• What the exercise asks
What you return must match the entries exactly, except that the pictures are gone.

• Collection entries

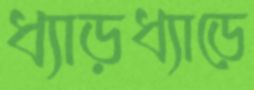
ধ্যাড়ধ্যাড়ে
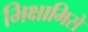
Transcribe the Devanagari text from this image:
भिक्षामिसे
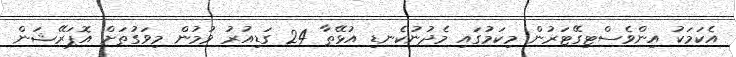
އެކަމަކު އިންވެސްޓިގޭޓަރުން މިކަމުގައި މެދުނުކެނޑި އުޅޭތާ 24 ގަޑިއުރު ވުމުން މިވަގުތަށް އޮޕަރޭޝަން
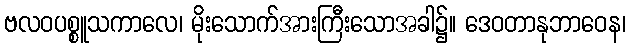
ဗလဝပစ္စူသကာလေ၊ မိုးသောက်အားကြီးသောအခါ၌။ ဒေဝတာနုဘာဝေန၊
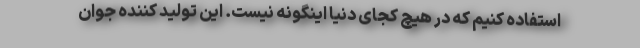
استفاده کنیم که در هیچ کجای دنیا اینگونه نیست. این تولید کننده جوان
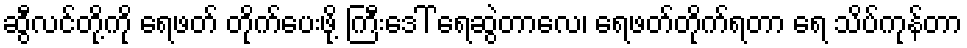
ဆွီလင်တို့ကို ရေဖတ် တိုက်ပေးဖို့ ကြီးဒေါ် ရေဆွဲတာလေ၊ ရေဖတ်တိုက်ရတာ ရေ သိပ်ကုန်တာ

• Exercise solution
ধ্যাড়ধ্যাড়ে
Transcribe the Devanagari text from this image:
भिक्षामिसे
އެކަމަކު އިންވެސްޓިގޭޓަރުން މިކަމުގައި މެދުނުކެނޑި އުޅޭތާ 24 ގަޑިއުރު ވުމުން މިވަގުތަށް އޮޕަރޭޝަން
ဗလဝပစ္စူသကာလေ၊ မိုးသောက်အားကြီးသောအခါ၌။ ဒေဝတာနုဘာဝေန၊
استفاده کنیم که در هیچ کجای دنیا اینگونه نیست. این تولید کننده جوان
ဆွီလင်တို့ကို ရေဖတ် တိုက်ပေးဖို့ ကြီးဒေါ် ရေဆွဲတာလေ၊ ရေဖတ်တိုက်ရတာ ရေ သိပ်ကုန်တာ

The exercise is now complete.